Ben Affleck repurposes his Bat-training for this role as an autistic forensic accountant who becomes a lethal weapon, and he kills it. If Affleck’s Batman was the best thing about Batman v Superman: Dawn of Justice, his deadly and socially awkward Christian Wolff is even better, as is the flawed thriller that surrounds him. 

Plotwise, The Accountant is messy at best. Known for cooking the books for the world’s most wanted men, Wolff is hired to find missing millions for a Bill Gates-ian tech magnate, Lamar Black (John Lithgow). When his CPA-ing leads to some mysterious deaths perpetrated by Jon Bernthal (formerly of “The Walking Dead”), Christian goes into protector mode for an endangered pretty face, Dana Cummings (Anna Kendrick). 
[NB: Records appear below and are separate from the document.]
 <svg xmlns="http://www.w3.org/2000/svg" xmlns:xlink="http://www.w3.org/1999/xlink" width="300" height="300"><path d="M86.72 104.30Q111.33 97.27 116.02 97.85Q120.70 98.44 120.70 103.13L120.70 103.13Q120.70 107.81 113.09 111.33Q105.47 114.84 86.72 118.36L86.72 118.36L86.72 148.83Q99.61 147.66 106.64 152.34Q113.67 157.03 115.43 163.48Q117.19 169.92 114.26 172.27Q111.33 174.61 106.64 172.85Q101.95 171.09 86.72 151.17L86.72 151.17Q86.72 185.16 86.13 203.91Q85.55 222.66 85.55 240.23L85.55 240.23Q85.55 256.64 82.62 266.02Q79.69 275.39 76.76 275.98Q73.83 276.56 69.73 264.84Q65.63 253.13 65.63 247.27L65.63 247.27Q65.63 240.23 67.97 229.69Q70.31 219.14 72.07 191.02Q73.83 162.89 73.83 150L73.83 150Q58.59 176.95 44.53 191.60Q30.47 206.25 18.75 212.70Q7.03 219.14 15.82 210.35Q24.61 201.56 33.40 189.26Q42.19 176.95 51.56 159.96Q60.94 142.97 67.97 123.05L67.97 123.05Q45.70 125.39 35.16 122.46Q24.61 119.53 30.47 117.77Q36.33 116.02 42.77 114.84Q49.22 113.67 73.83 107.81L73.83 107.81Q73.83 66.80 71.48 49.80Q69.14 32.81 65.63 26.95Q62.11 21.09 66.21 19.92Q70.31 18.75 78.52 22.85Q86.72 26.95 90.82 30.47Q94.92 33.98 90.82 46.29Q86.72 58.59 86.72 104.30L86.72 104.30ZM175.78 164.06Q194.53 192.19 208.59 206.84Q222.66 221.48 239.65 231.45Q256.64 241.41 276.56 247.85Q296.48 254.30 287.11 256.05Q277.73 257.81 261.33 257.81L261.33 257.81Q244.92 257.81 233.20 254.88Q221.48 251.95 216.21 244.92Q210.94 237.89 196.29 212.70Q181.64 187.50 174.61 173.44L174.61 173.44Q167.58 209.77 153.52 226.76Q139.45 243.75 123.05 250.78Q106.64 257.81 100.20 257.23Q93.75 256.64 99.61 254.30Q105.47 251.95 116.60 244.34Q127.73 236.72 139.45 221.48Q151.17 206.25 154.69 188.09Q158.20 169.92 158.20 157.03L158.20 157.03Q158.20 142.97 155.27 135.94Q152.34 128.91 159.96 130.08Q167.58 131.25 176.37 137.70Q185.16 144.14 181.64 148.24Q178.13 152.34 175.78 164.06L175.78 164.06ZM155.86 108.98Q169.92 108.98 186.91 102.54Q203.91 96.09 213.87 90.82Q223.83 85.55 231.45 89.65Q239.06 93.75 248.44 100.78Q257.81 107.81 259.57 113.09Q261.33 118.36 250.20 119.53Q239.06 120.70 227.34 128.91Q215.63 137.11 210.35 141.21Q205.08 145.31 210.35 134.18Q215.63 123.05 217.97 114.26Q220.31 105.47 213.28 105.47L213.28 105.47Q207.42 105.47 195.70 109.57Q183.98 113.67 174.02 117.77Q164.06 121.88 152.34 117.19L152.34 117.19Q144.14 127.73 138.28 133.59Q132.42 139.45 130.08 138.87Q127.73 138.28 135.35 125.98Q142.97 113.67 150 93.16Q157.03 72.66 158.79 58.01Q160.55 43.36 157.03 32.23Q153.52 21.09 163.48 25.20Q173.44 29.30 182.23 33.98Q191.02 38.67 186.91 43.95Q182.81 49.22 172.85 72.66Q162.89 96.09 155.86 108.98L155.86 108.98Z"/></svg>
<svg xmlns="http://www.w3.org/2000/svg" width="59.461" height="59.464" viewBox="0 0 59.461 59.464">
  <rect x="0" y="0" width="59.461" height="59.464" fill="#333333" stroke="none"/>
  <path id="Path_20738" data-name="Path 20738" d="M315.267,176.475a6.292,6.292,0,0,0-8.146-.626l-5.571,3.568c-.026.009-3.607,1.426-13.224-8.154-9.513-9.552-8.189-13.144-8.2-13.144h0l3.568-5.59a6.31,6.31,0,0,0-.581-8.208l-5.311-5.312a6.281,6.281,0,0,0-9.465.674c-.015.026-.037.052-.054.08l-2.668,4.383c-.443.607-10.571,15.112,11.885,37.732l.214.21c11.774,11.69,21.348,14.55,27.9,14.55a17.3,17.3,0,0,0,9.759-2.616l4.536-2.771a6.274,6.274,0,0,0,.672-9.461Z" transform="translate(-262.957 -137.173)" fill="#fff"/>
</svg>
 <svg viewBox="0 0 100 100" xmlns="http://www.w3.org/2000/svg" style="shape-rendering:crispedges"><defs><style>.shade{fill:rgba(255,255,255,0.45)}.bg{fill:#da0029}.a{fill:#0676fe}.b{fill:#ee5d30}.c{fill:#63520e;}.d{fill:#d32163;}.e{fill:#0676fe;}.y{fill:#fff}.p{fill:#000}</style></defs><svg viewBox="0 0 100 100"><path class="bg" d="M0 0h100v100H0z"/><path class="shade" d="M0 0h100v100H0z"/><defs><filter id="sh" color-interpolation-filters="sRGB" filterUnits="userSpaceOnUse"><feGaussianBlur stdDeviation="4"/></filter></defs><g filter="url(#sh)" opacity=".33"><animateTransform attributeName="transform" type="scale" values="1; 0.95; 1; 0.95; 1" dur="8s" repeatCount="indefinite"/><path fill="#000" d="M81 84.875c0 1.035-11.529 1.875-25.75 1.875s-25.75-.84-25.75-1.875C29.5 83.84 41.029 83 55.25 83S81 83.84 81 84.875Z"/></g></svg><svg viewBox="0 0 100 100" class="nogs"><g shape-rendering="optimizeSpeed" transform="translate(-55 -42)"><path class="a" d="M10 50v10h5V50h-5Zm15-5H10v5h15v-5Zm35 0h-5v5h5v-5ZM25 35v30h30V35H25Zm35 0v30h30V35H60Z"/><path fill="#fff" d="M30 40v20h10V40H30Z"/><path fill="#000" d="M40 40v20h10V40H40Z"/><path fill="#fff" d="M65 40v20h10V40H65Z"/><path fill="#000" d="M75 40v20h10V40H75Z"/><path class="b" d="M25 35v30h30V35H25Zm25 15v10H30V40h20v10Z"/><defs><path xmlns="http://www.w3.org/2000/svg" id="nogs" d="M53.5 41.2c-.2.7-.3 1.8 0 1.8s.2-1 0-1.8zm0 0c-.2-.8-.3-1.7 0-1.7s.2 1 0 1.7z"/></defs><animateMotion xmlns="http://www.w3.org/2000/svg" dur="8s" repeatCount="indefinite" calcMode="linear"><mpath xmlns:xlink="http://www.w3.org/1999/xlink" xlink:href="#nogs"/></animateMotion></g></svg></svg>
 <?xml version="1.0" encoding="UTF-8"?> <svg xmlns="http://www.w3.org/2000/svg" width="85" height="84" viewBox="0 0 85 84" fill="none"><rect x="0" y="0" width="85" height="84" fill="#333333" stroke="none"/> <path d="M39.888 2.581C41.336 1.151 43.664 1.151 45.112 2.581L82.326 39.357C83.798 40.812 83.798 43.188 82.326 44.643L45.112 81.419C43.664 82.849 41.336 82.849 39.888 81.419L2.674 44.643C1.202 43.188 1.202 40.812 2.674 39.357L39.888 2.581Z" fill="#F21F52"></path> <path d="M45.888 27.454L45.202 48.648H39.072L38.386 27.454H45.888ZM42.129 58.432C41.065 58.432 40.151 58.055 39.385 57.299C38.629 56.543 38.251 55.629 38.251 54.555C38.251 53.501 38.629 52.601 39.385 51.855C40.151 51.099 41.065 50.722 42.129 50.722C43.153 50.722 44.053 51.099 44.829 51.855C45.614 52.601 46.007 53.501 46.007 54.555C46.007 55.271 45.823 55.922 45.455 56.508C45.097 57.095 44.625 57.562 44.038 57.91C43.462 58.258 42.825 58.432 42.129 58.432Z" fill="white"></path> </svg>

Concurrently, the Treasury director (J.K. Simmons) is blackmailing a young agent, Marybeth Medina (Cynthia Addai-Robinson), into identifying and locating the sought-after book cooker. Some of the movie’s weakest moments involve her unlikely deductions about the title character’s identity. “Laughable” is being generous. 

Eventually, all the plots converge in the most obvious ways. How the movie thinks its big third-act reveal is still a surprise is beyond me; most viewers should nail it by early act two, at least. Still, the action often thrills, and Kendrick provides some sweet comic relief.

Considering the rising number of autistic children born in the United States, an autistic hero is laudable, but Affleck’s accountant may be too much of a Punisher–level antihero. The movie struggles to make him sound as bad as it envisions. The Terminator-tough Wolff is a better cinematic Jack Reacher than Tom Cruise’s on-deck Jack Reacher, even when his last scene seems like an SNL sketch starring Ben Affleck as Adam Sandler as Jason Bourne. 

The Accountant generated more complicated feelings than I predicted. Its flaws should be crippling but are not, thanks to such a grounded, badass protagonist. I’d watch a sequel; maybe it could involve an audit that turns into a hallway fight à la Oldboy or any season of Netflix’s “Daredevil.”